Problem: Copy every record exactly, leaving the pictures out.

Data excerpts:
• • • •
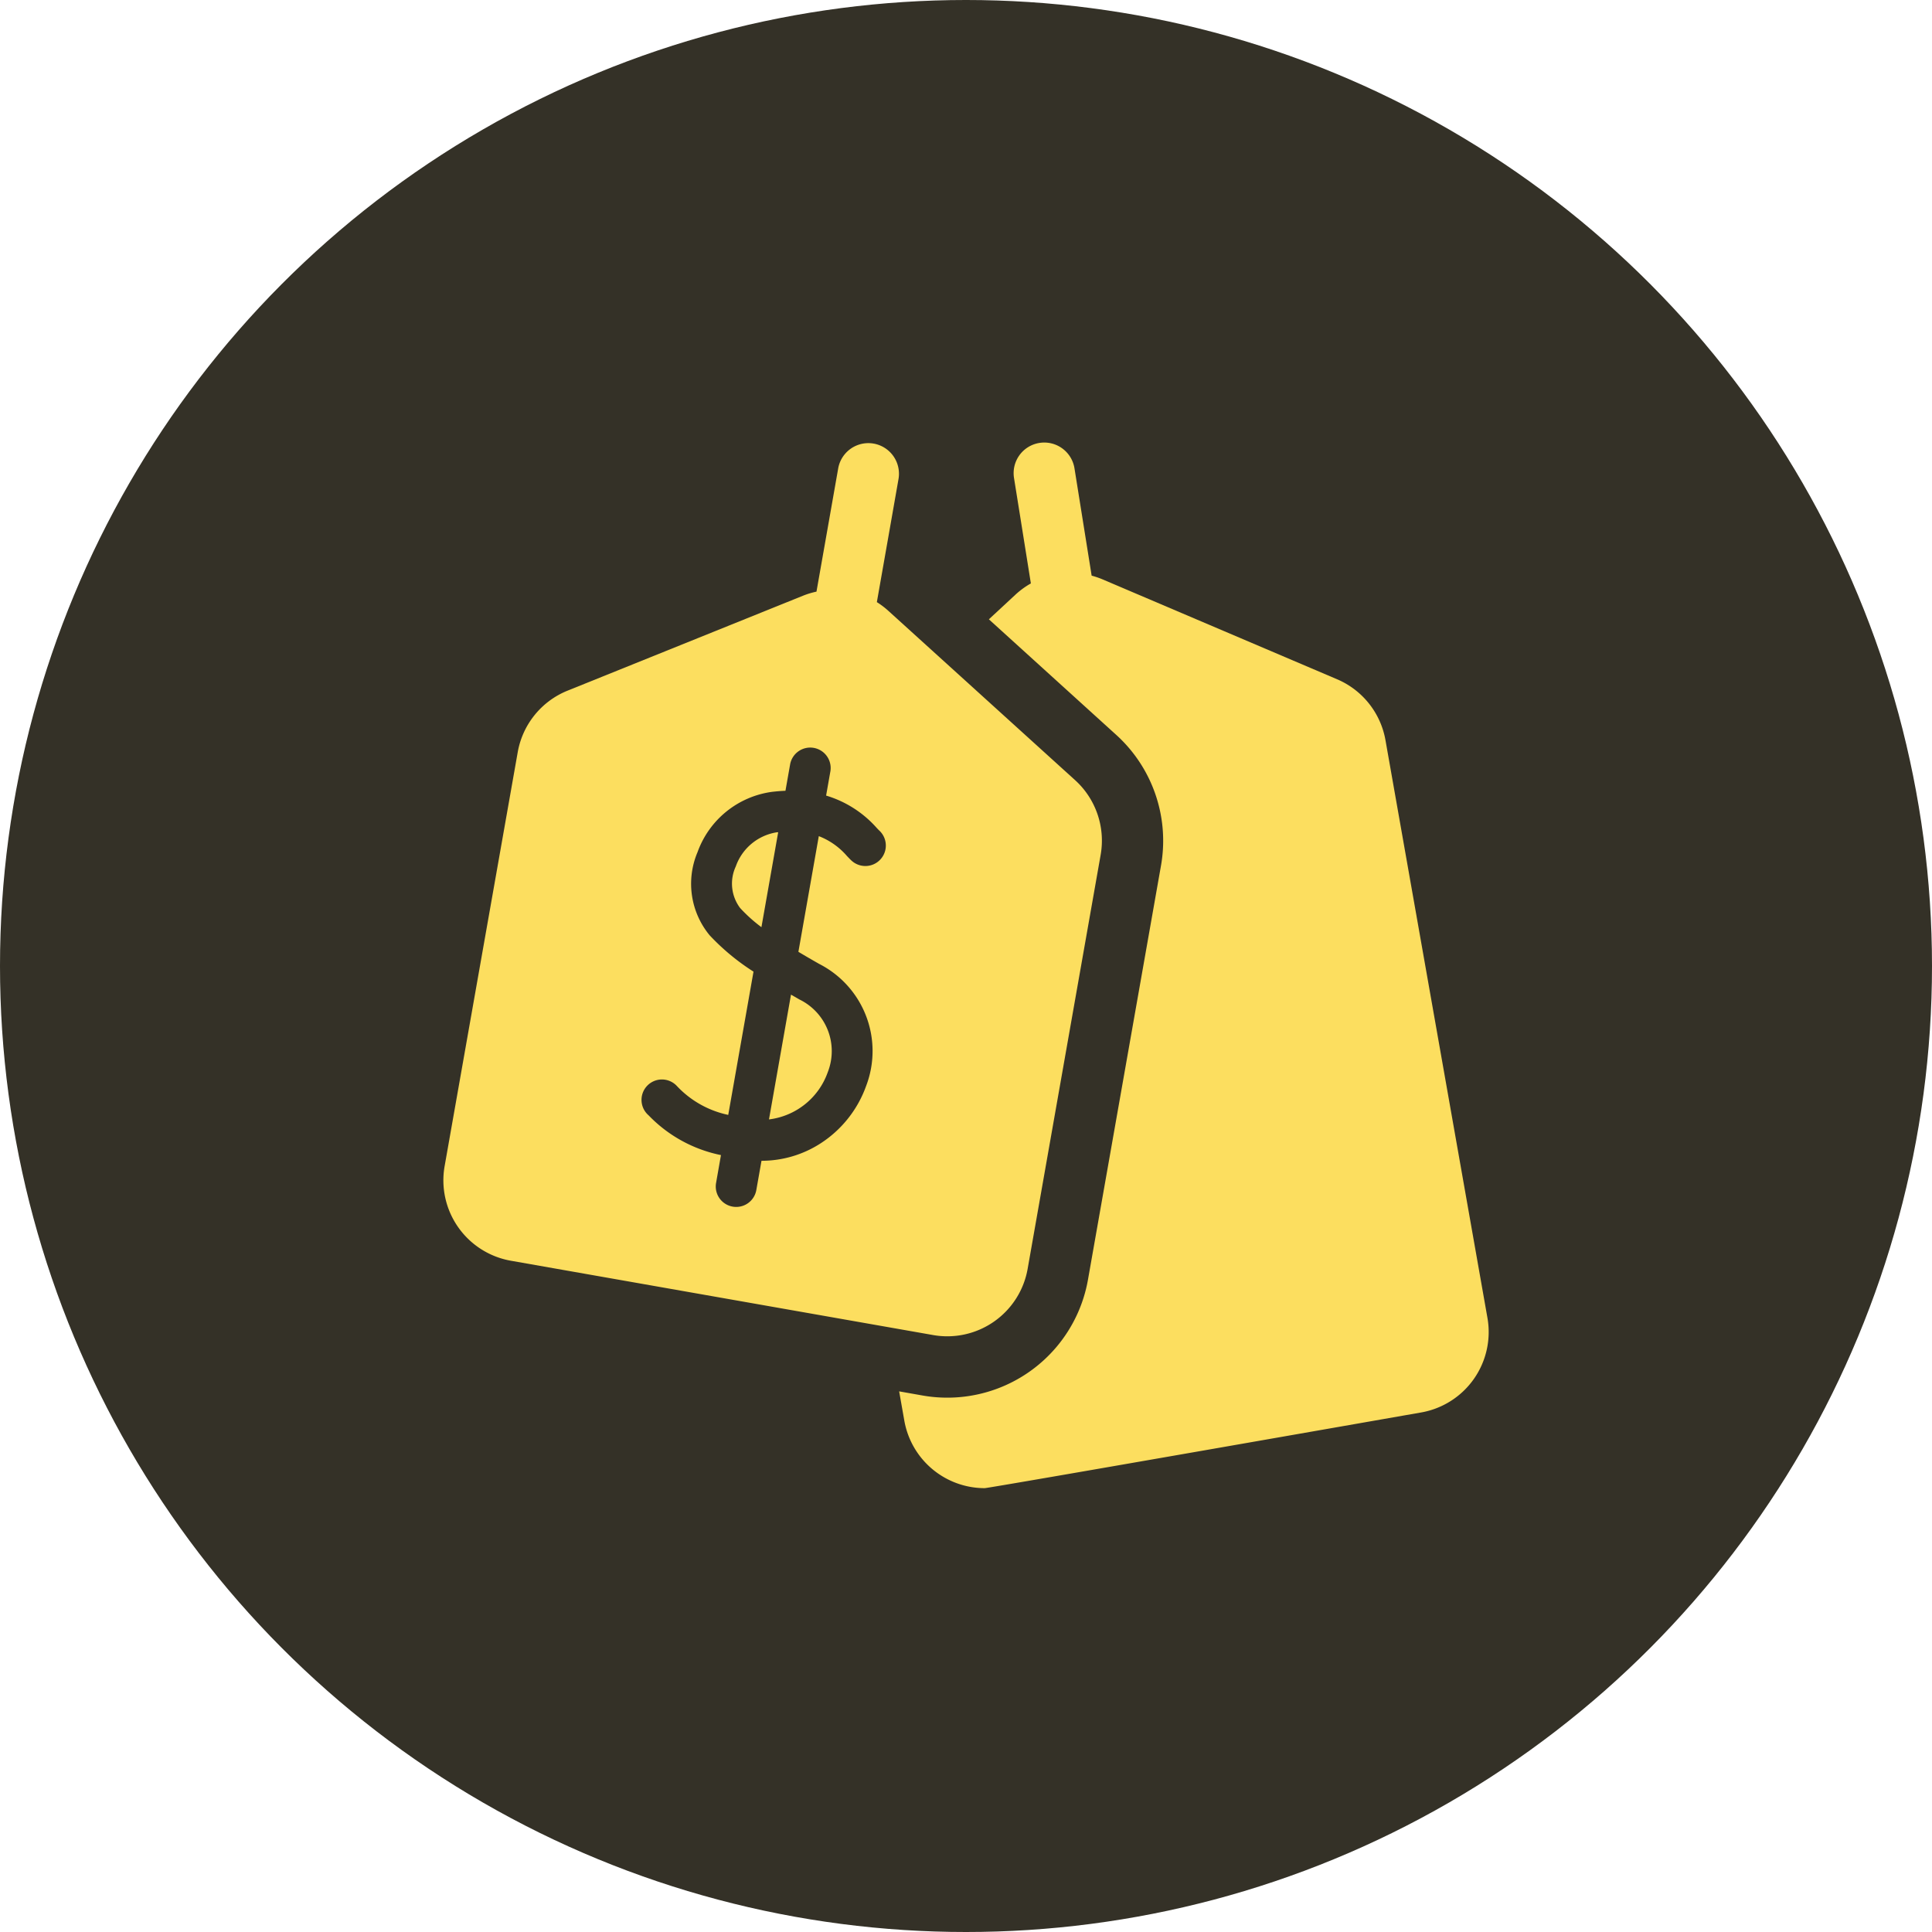 <svg xmlns="http://www.w3.org/2000/svg" width="62.398" height="62.398" viewBox="0 0 62.398 62.398">
  <g id="Group_8389" data-name="Group 8389" transform="translate(-569.426 -2208.674)">
    <circle id="Ellipse_350" data-name="Ellipse 350" cx="31.199" cy="31.199" r="31.199" transform="translate(569.426 2208.674)" fill="#343127"/>
    <g id="price-tag" transform="translate(583.746 2222.982)">
      <path id="Path_9790" data-name="Path 9790" d="M227.515,4.537a2.635,2.635,0,0,0-.5.365l-.856.794,4.115,3.734a4.615,4.615,0,0,1,1.444,4.219l-2.358,13.371a4.613,4.613,0,0,1-5.347,3.744l-.752-.133.167.946a2.638,2.638,0,0,0,2.594,2.18c.152,0,14.1-2.445,14.1-2.445a2.637,2.637,0,0,0,2.139-3.055L238.968,9.6A2.637,2.637,0,0,0,237.4,7.63L229.84,4.41a2.642,2.642,0,0,0-.362-.124l-.328-2.051-.224-1.4a.989.989,0,1,0-1.953.312l.219,1.367Z" transform="translate(-208.541 -0.002)" fill="#fcde5f"/>
      <path id="Path_9791" data-name="Path 9791" d="M142.409,193.751l.541-3.066-.032,0a1.679,1.679,0,0,0-1.338,1.106,1.313,1.313,0,0,0,.139,1.339A4.878,4.878,0,0,0,142.409,193.751Z" transform="translate(-132.137 -178.114)" fill="#fcde5f"/>
      <path id="Path_9792" data-name="Path 9792" d="M160.209,270.234l-.711,4.03a2.31,2.31,0,0,0,1.9-1.53,1.855,1.855,0,0,0-.921-2.346Z" transform="translate(-148.982 -252.418)" fill="#fcde5f"/>
      <path id="Path_9793" data-name="Path 9793" d="M12.05,4.8a2.636,2.636,0,0,0-.438.133L4.006,8A2.637,2.637,0,0,0,2.4,9.991L.04,23.355a2.637,2.637,0,0,0,2.139,3.055l13.636,2.4a2.635,2.635,0,0,0,3.055-2.139L21.228,13.3a2.637,2.637,0,0,0-.825-2.411L14.372,5.421A2.636,2.636,0,0,0,14,5.139l.358-2.032L14.7,1.159A.989.989,0,0,0,12.752.816l-.343,1.948Zm.447,5.815-.136.772a3.537,3.537,0,0,1,1.633,1.043c.033.035.068.072.085.087a.659.659,0,0,1-.9.968c-.049-.045-.1-.1-.147-.149a2.284,2.284,0,0,0-.907-.639l-.659,3.736c.207.124.431.254.674.392a3.158,3.158,0,0,1,1.515,3.936,3.684,3.684,0,0,1-1.481,1.864,3.513,3.513,0,0,1-1.9.557l-.167.945a.659.659,0,0,1-1.3-.229l.158-.9a4.47,4.47,0,0,1-2.335-1.282.659.659,0,1,1,.9-.961A3.17,3.17,0,0,0,9.2,21.7l.816-4.627A7.32,7.32,0,0,1,8.6,15.9a2.614,2.614,0,0,1-.392-2.685,2.982,2.982,0,0,1,2.417-1.95c.147-.017.287-.028.423-.033l.15-.85a.659.659,0,1,1,1.3.229Z" transform="translate(0 0)" fill="#fcde5f"/>
    </g>
  </g>
</svg>
• • • •
Finished exercise:
 <svg xmlns="http://www.w3.org/2000/svg" width="62.398" height="62.398" viewBox="0 0 62.398 62.398">
  <g id="Group_8389" data-name="Group 8389" transform="translate(-569.426 -2208.674)">
    <circle id="Ellipse_350" data-name="Ellipse 350" cx="31.199" cy="31.199" r="31.199" transform="translate(569.426 2208.674)" fill="#343127"/>
    <g id="price-tag" transform="translate(583.746 2222.982)">
      <path id="Path_9790" data-name="Path 9790" d="M227.515,4.537a2.635,2.635,0,0,0-.5.365l-.856.794,4.115,3.734a4.615,4.615,0,0,1,1.444,4.219l-2.358,13.371a4.613,4.613,0,0,1-5.347,3.744l-.752-.133.167.946a2.638,2.638,0,0,0,2.594,2.18c.152,0,14.1-2.445,14.1-2.445a2.637,2.637,0,0,0,2.139-3.055L238.968,9.6A2.637,2.637,0,0,0,237.4,7.63L229.84,4.41a2.642,2.642,0,0,0-.362-.124l-.328-2.051-.224-1.4a.989.989,0,1,0-1.953.312l.219,1.367Z" transform="translate(-208.541 -0.002)" fill="#fcde5f"/>
      <path id="Path_9791" data-name="Path 9791" d="M142.409,193.751l.541-3.066-.032,0a1.679,1.679,0,0,0-1.338,1.106,1.313,1.313,0,0,0,.139,1.339A4.878,4.878,0,0,0,142.409,193.751Z" transform="translate(-132.137 -178.114)" fill="#fcde5f"/>
      <path id="Path_9792" data-name="Path 9792" d="M160.209,270.234l-.711,4.03a2.31,2.31,0,0,0,1.9-1.53,1.855,1.855,0,0,0-.921-2.346Z" transform="translate(-148.982 -252.418)" fill="#fcde5f"/>
      <path id="Path_9793" data-name="Path 9793" d="M12.05,4.8a2.636,2.636,0,0,0-.438.133L4.006,8A2.637,2.637,0,0,0,2.4,9.991L.04,23.355a2.637,2.637,0,0,0,2.139,3.055l13.636,2.4a2.635,2.635,0,0,0,3.055-2.139L21.228,13.3a2.637,2.637,0,0,0-.825-2.411L14.372,5.421A2.636,2.636,0,0,0,14,5.139l.358-2.032L14.7,1.159A.989.989,0,0,0,12.752.816l-.343,1.948Zm.447,5.815-.136.772a3.537,3.537,0,0,1,1.633,1.043c.033.035.068.072.085.087a.659.659,0,0,1-.9.968c-.049-.045-.1-.1-.147-.149a2.284,2.284,0,0,0-.907-.639l-.659,3.736c.207.124.431.254.674.392a3.158,3.158,0,0,1,1.515,3.936,3.684,3.684,0,0,1-1.481,1.864,3.513,3.513,0,0,1-1.9.557l-.167.945a.659.659,0,0,1-1.3-.229l.158-.9a4.47,4.47,0,0,1-2.335-1.282.659.659,0,1,1,.9-.961A3.17,3.17,0,0,0,9.2,21.7l.816-4.627A7.32,7.32,0,0,1,8.6,15.9a2.614,2.614,0,0,1-.392-2.685,2.982,2.982,0,0,1,2.417-1.95c.147-.017.287-.028.423-.033l.15-.85a.659.659,0,1,1,1.3.229Z" transform="translate(0 0)" fill="#fcde5f"/>
    </g>
  </g>
</svg>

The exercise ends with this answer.